I didn't look up. The door opens four hundred times a night. The door opening isn't, statistically, an event.

Kit looked up.

He stilled beside me, half a beat, and his head turned.

I looked.

Mr. Cross was standing inside the door.

His eyes went around the room, looking for one thing and refusing to be distracted by anything else, and they landed on me.

He smiled.

It was the auction smile, mostly, but tired around the eyes, and there were shadows underneath them. He hadn't shaved either. His shirt was the same shirt he'd had on the night before, top buttons still open, no tie, jacket slung over one forearm.
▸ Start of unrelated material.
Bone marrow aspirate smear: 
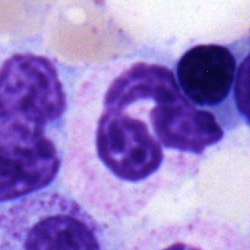

Morphology → segmented neutrophil.

He walked to the bar. He sat at the empty stool directly in front of me.

Kit looked at me and asked, "Do you know him?"

"No."

Kit looked at me for one more second. Then he picked up a tray and walked down the rail without another word.

Mr. Cross put both hands flat on the bar.

I didn't speak. Didn't look at him. I wiped a glass that had already been wiped and picked up another one.

Finally I looked.

He looked exhausted. I thought, What happened to you? But I shoved the thought somewhere I wouldn't have to look at it.

"You shouldn't be here." I said, quietly.

"I know." He didn't move his hands off the bar. "But I am."